The first time slow start overshoots, TCP learns something valuable: the network couldn't handle cwnd at the moment of loss. Rather than forgetting this and repeating the exact same overshoot next time, TCP stores an estimate of the safe limit in ssthresh.

The ssthresh contract:

If cwnd < ssthresh:
    We're in slow start (exponential growth)
    Network capacity is still being discovered
    
If cwnd >= ssthresh:
    We're in congestion avoidance (linear growth)
    We're near the network's estimated limit
    Proceed cautiously to avoid loss

ssthresh Role in TCP State Transitions
Condition	Current Phase	Growth Behavior	Rationale
cwnd < ssthresh	Slow Start	cwnd += MSS per ACK (exponential)	Capacity unknown, probe aggressively
cwnd >= ssthresh	Congestion Avoidance	cwnd += MSS²/cwnd per ACK (linear)	Near capacity, probe conservatively
Packet loss (timeout)	Recovery	ssthresh = cwnd/2, cwnd = 1	Severe congestion, restart cautiously
3 duplicate ACKs	Fast Recovery	ssthresh = cwnd/2, cwnd = ssthresh	Mild congestion, don't reset completely

The learning cycle:

Initial state: ssthresh is set to a very large value (effectively infinite)
First loss: TCP was too aggressive; ssthresh = cwnd/2 captures where trouble started
Second slow start: cwnd grows exponentially only until ssthresh, then switches to linear
Subsequent loss: ssthresh is updated again with fresh information
Steady state: ssthresh oscillates around the actual network capacity

Over time, ssthresh converges to a value that reflects the network's capacity at the bottleneck link.

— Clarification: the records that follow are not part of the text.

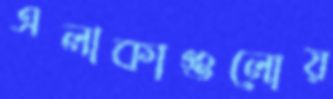
এলাকাগুলোয়
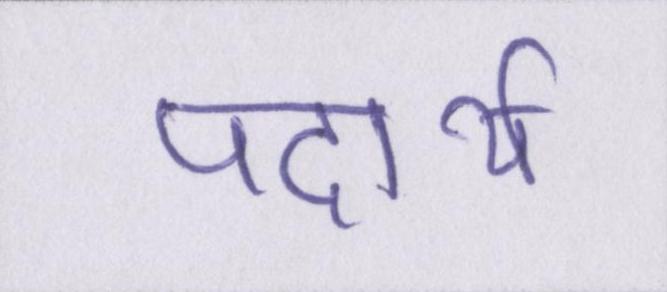
पदार्थ
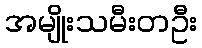
အမျိုးသမီးတဦး
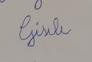
Signature authenticity: forged
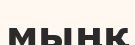
мыңқ
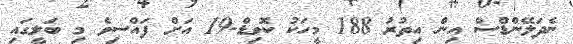
ނެދަލޭންޑްސް އިން އިތުރު 188 މީހަކު ކޮވިޑް-19 އަށް ފައްސިވެ މި ބަލީގައި

The connection spends most of its time in congestion avoidance, making small adjustments around this learned value.

ssthresh is an Estimate, Not a Guarantee

Network conditions are dynamic—other flows start and stop, routing changes, interference varies. ssthresh captures a snapshot of past capacity, not a prediction of future capacity. This is why TCP continues probing (via congestion avoidance) even after reaching ssthresh, and why ssthresh gets updated on every loss event.

ssthresh Initialization

When a new TCP connection begins, it has no knowledge of the network path's capacity. How should ssthresh be initialized?

The default approach:

Most TCP implementations initialize ssthresh to a very large value:

ssthresh = 65535 bytes (traditional)
ssthresh = INT_MAX (common in modern kernels)
ssthresh = advertised window from SYN (some implementations)

With ssthresh set to a huge value, the initial slow start phase will continue until:

Packet loss occurs (network limit discovered), or
The receiver's window (rwnd) is reached

This is the correct behavior—a new connection should probe aggressively since it knows nothing about path capacity.

Why not start with a conservative ssthresh?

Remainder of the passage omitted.